The €2.1M pre-seed and growing community suggest this is just the beginning. Keep an eye on MobileRun’s cloud platform launch — if the pricing is competitive, it could become the default way teams interact with mobile devices programmatically.

Rating: 4.2/5 — Technically excellent, limited only by the inherent constraints of LLM-based automation and the ecosystem’s early maturity.

Frequently Asked Questions

Is Droidrun free to use?

The SDK is free and open-source. Running automations requires LLM API keys with their own costs — typically $0.02-0.08 per task. The cloud platform (MobileRun) is a separate paid product, currently in waitlist.

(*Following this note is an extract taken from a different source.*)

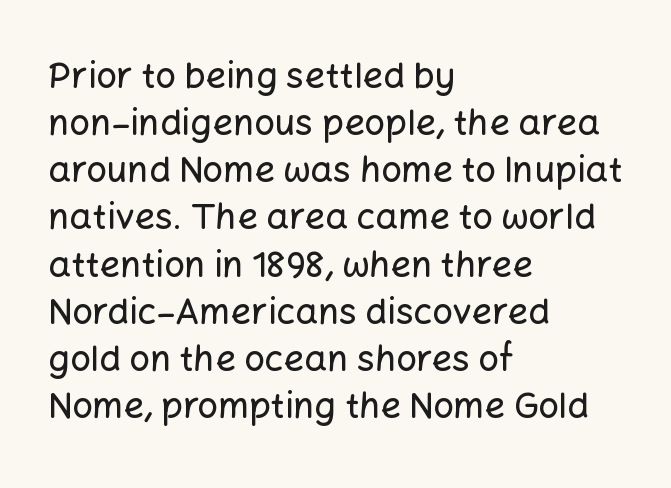
The image shows 36 px sans-serif type, upright; set left-aligned, normal line spacing (1.31x), normal letter spacing, not underlined; low stroke contrast and a medium x-height.
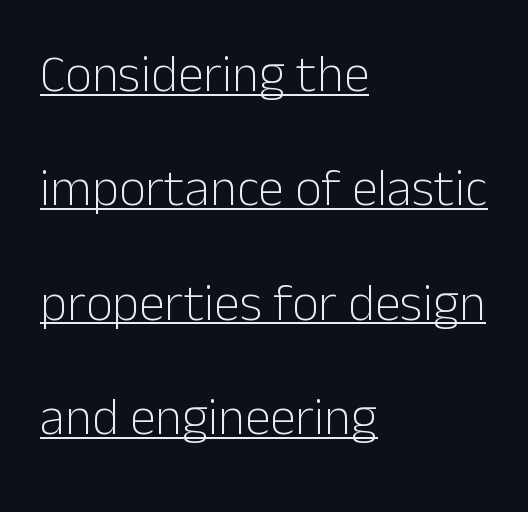
The image shows 52 px light sans-serif type, upright; set left-aligned, loose line spacing (2.2x), normal letter spacing, underlined; low stroke contrast and a medium x-height.

What devices does Droidrun support?

Android and iOS. On Android, it installs a companion APK accessing the Accessibility API. MobileRun’s cloud provides hosted virtual devices without needing physical hardware.

How does Droidrun compare to Appium?

Appium uses scripted test automation. Droidrun uses AI agents with natural language. Appium is faster and deterministic but fragile. Droidrun is resilient and easier to use but slower. Read our full Droidrun vs Appium comparison.

What LLMs work with Droidrun?

OpenAI (GPT-4o, GPT-4.1), Anthropic (Claude), Google (Gemini 2.5 Pro), DeepSeek, and local models via Ollama. Best benchmark results used Gemini 2.5 Pro.

Is Droidrun reliable enough for CI/CD?

At 91.4% on AndroidWorld, it’s strong for exploratory testing and workflow automation. For deterministic regression testing in CI/CD, most teams pair it with traditional frameworks for critical test paths.